Switching in the expression pattern of actin isoforms marks the onset of contractility and distinct mechanodynamic behavior during cardiomyocyte differentiation

Differentiation of cardiac progenitor cells (CPC) into cardiomyocytes is a fundamental step in cardiogenesis, which is marked by changes in gene expression responsible for remodeling of the cytoskeleton and in altering the mechanical properties of cells. Here we have induced the differentiation of CPC derived from human pluripotent stem cells into immature cardiomyocytes (iCM) which we compare with more differentiated cardiomyocytes (mCM). Using atomic force microscopy and real-time deformability cytometry, we describe the mechanodynamic changes that occur during the differentiation process and link our findings to protein expression data of cytoskeletal proteins. Increased levels of cardiac-specific markers as well as evolution of cytoskeletal morphology and contractility parameters correlated with the expected extent of cell differentiation that was accompanied by hypertrophic growth of cells.
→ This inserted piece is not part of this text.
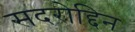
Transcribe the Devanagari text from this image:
सदरोद्दिन
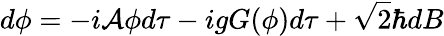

These changes were associated with switching in the balance of the different actin isoforms where beta-actin is predominantly found in CPC, smooth muscle alpha-actin is dominant in iCM cells and sarcomeric alpha-actin is found in significantly higher levels in mCM. We link these cytoskeletal changes to differences in mechano-dynamic behavior of cells that translate to changes in Young's modulus that depend on the cell adherence. Our results demonstrate that the intracellular balance of actin isoform expression can be used as a sensitive ruler to determine the stage of differentiation during early phases of cardiomyocyte differentiation that correlates with an increased expression of sarcomeric proteins and is accompanied by changes in cellular elasticity.

Automated summary

This study investigates the mechanodynamic changes that occur during the differentiation of cardiac progenitor cells into cardiomyocytes. The researchers utilized atomic force microscopy and real-time deformability cytometry to describe these changes and link them to protein expression data. They found that increased levels of cardiac-specific markers and changes in cytoskeletal morphology and contractility parameters correlated with the extent of cell differentiation.